Additional Stool Exclusions:

• Bowel prep < 7 days prior to stool collection.
• Oral or rectal contrast given within 7 days prior to stool collection.
• Removal of more than 50% of colon or presence of ileostomy.
• Enteral feeds or TPN.
• Diagnosis of inflammatory bowel disease.

Eligibility last updated 9/28/21. Questions regarding updates should be directed to the study team contact.

• Patient is ≥ 18 years of age.
• Patient or patient’s legal representative is willing and able to provide written informed consent.
• Patient is willing and able to comply with scheduled visits, treatment schedule, laboratory tests, and other requirements of the study.
• The patient must have advanced cutaneous melanoma or acral melanoma; no more than 5 patients with acral melanoma may enroll in this cohort (Cohort 1). Or, the patient must have unresectable and/or metastatic mucosal melanoma (Cohort 2).
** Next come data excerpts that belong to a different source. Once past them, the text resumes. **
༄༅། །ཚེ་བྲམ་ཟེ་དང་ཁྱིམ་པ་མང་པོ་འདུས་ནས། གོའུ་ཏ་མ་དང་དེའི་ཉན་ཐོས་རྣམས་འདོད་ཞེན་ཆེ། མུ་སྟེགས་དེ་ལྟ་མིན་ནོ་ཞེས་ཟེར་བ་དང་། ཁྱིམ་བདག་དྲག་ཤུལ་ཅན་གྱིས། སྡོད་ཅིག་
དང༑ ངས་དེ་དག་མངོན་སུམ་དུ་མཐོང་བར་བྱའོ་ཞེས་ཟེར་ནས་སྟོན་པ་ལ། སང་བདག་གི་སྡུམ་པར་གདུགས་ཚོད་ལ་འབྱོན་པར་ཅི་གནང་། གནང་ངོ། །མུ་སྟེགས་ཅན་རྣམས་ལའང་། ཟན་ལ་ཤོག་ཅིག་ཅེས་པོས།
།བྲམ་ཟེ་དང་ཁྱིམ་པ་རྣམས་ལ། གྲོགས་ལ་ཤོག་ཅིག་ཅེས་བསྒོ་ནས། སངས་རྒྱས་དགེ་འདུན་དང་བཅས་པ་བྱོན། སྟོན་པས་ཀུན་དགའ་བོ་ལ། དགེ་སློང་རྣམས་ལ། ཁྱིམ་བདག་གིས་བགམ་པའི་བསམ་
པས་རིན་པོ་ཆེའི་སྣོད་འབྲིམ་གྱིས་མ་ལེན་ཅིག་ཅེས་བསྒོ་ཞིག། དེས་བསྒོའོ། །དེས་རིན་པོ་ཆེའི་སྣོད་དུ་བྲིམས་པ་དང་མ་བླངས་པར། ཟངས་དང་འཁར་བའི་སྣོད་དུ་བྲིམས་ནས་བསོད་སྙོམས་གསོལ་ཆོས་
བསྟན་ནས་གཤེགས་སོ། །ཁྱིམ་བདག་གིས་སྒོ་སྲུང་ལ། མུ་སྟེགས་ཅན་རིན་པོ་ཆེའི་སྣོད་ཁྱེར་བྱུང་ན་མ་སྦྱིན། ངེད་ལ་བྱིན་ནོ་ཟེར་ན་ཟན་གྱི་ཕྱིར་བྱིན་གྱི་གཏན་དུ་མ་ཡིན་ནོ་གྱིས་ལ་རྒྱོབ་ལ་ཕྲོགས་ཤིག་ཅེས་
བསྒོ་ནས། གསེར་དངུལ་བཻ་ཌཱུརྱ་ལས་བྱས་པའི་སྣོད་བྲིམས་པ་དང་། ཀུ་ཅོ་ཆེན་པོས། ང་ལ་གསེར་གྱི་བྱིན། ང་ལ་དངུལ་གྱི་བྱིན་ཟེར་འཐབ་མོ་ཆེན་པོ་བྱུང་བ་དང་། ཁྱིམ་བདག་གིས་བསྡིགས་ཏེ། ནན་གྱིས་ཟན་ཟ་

• Patient must have received previous treatment as follows:
  • patient has received anti-PD-[L]1 therapy ± anti-CTLA-4 therapy, and ≤ 1 other prior regimen of systemic anti-neoplastic therapy;
  • patient should have experienced objective response (PR or CR) or SD as BOR to anti-PD-[L]1 therapy;
  • patients with BRAF mutations may or may not have received prior targeted therapy.
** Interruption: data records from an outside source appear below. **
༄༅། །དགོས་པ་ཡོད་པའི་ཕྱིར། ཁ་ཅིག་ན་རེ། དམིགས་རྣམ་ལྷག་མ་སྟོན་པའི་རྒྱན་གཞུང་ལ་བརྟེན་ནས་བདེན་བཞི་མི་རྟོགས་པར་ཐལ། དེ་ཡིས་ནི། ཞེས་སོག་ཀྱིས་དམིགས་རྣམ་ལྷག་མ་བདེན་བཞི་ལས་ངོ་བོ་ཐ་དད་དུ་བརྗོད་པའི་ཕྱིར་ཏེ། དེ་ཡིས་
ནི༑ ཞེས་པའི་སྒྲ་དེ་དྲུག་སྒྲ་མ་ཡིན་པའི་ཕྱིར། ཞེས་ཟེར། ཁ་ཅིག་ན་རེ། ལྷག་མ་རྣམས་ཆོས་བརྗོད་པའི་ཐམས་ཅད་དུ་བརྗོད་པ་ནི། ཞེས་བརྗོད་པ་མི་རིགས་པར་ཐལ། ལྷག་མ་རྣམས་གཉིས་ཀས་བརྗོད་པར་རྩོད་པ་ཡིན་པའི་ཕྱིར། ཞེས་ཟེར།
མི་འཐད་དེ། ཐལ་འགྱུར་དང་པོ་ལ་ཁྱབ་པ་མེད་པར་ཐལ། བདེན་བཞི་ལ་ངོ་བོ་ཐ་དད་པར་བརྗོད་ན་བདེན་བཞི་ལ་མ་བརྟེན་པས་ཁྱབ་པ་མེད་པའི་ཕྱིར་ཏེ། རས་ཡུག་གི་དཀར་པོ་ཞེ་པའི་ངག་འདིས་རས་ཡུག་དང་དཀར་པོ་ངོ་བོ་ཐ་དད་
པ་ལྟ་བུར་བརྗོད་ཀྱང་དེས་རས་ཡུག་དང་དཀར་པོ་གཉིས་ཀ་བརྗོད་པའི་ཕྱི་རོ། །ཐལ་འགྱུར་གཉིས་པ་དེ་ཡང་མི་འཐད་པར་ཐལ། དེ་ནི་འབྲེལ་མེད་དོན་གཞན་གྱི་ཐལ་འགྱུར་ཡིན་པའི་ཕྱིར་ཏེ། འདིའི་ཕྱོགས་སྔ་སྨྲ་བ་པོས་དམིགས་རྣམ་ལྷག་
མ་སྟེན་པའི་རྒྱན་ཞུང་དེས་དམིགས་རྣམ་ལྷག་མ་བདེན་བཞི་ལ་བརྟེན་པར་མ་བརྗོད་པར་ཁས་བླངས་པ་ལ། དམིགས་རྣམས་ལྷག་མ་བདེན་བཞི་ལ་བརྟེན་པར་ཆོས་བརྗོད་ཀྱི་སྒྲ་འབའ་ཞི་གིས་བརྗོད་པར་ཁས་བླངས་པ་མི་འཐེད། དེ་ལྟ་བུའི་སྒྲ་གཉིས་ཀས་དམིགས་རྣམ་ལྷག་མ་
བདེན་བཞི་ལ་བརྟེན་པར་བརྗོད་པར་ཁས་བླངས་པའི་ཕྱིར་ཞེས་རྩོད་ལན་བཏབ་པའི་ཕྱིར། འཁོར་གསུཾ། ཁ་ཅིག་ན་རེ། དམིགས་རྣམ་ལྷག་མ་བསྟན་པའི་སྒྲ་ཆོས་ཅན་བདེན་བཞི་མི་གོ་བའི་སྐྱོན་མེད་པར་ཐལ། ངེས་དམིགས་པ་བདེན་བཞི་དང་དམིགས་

• A patient who has received prior treatment with talimogene laherparepvec (TVEC) is allowed to enroll provided that last exposure to TVEC was ≥ 28 days prior to first exposure to nemvaleukin and that all injection-site reactions to TVEC have resolved. TVEC shall not be considered a prior regimen of systemic anti-neoplastic therapy, nor shall it be considered a systemic immunomodulatory agent.
• Patient has at least one measurable lesion that qualifies as a target lesion based on RECIST 1.1. Tumor lesions situated in a previously irradiated area, or in an area subjected to other locoregional therapy, are not considered measurable unless there has been demonstrated progression in the lesion.
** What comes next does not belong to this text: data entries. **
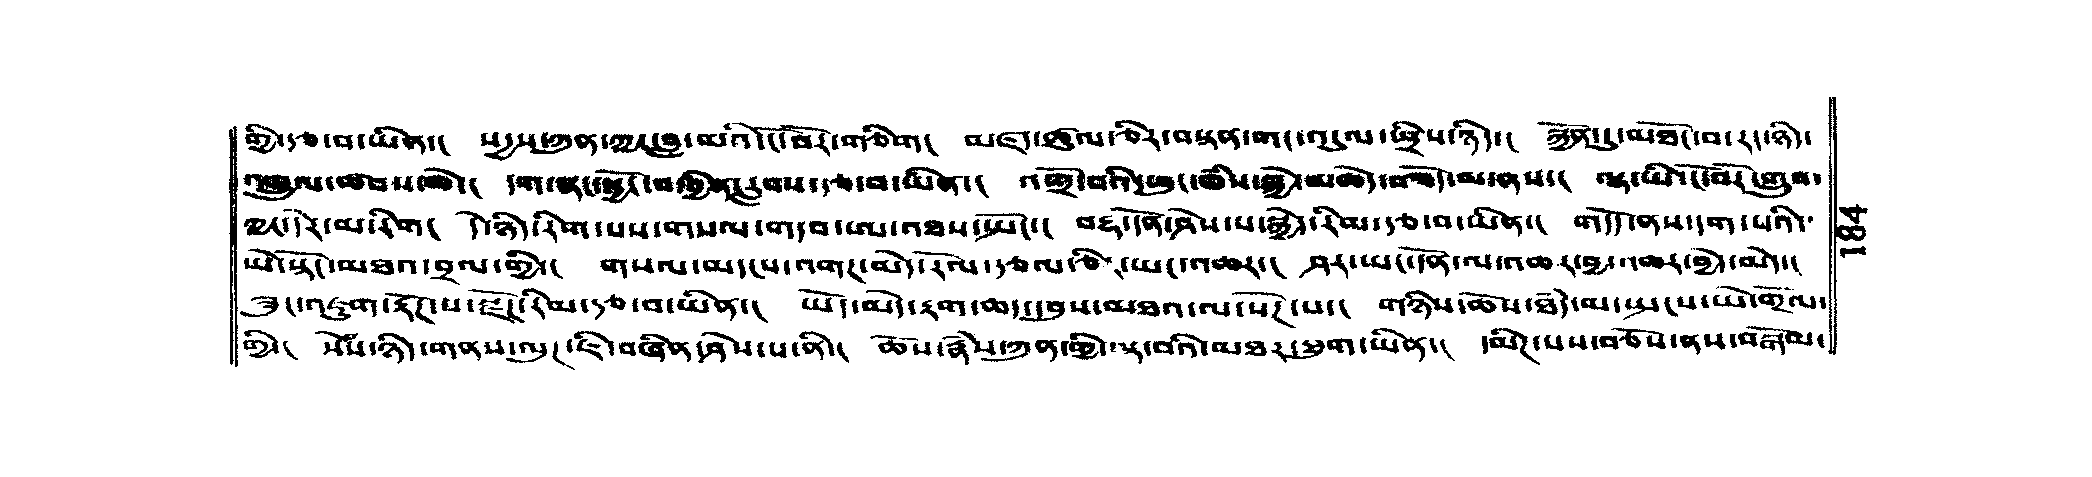གྱི་རྩ་བ་ཡིན། །སངས་རྒྱས་ཀུན་ཀྱང་བླ་མའི་ངོ་བོར་གཅིག །མཛད་ཚུལ་ཅིར་བསྟན་གང་འདུལ་ཕྲིན་ལས་ཉིད། །སྐྱོན་དུ་མཐོང་བ་རང་ཉིད་
འཕྲུལ་ཚབས་ཆེ། །དག་སྣང་སྐྱོང་བ་བྱིན་རླབས་རྩ་བ་ཡིན། །འགྲོ་བའི་ཕུང་ཁམས་སྐྱེ་མཆེད་གཟོད་མ་ནས། །ལྷ་ཡི་ངོ་བོར་གྲུབ་
ཀྱང་དེར་མ་རིག །དེ་ཉིད་རིག་པས་གསལ་གདབ་ཨ་འཐས་སྤོངས། བརྡ་དོན་ཤེས་པ་བསྐྱེད་རིམ་རྩ་བ་ཡིན། །གདོད་ནས་དག་པའི་
ཡེ་སྟོང་མཐའ་བྲལ་གྱི། །གསལ་མདངས་འགགས་མེད་རོལ་རྩལ་ཅིར་ཡང་འཆར། །ཤར་ཡང་དོན་ལ་འཆར་བྱ་འཆར་བྱེད་མེད། །
ཟུང་འཇུག་རྟོགས་པ་རྫོགས་རིམ་རྩ་བ་ཡིན། །ཡོད་མེད་རྟག་ཆད་དབུས་མཐའ་ལ་སོགས་པ། །གཉིས་ཆོས་ཐམས་ཅད་མ་སྤངས་ཡེ་གྲོལ་
གྱི། །སེམས་ཉིད་གནས་ལུགས་ཇི་བཞིན་ཤེས་པ་ནི། །ཆོས་རྣམས་ཀུན་གྱི་ལྟ་བའི་མཐར་ཐུག་ཡིན། དམིགས་པས་བཅོས་ནས་བསྒོམ་

• Patient is willing to undergo a pretreatment tumor biopsy or provide qualifying archival tumor tissue. To qualify, archival tissue must have been sampled after last exposure to any systemic anti-neoplastic agent (including TVEC). Patients unable to undergo a biopsy may be enrolled if risk/benefit ratio of biopsy is considered unfavorable and/or when a biopsy would likely lead to significant delays in care. This decision must be accompanied by supporting documentation from the Investigator and performed in consultation with Medical Monitor. All pretreatment tissue must have been collected no more than 120 days prior to screening.
• Patient has recovered from the effects of any previous chemotherapy, immunotherapy, other prior systemic anticancer therapy, radiotherapy, and/or surgery (i.e., residual toxicity no worse than Grade 1 [Grade 2 treatment-associated peripheral neuropathy and/or any grade of alopecia are acceptable assuming all other inclusion criteria are met]).
• Patient who has received prior systemic anti-neoplastic agent(s) must wait at least 5 half-lives or 4 weeks (whichever is shorter) following prior therapy before enrollment into the study, or 4 weeks if the half-life of a given investigational agent is not known.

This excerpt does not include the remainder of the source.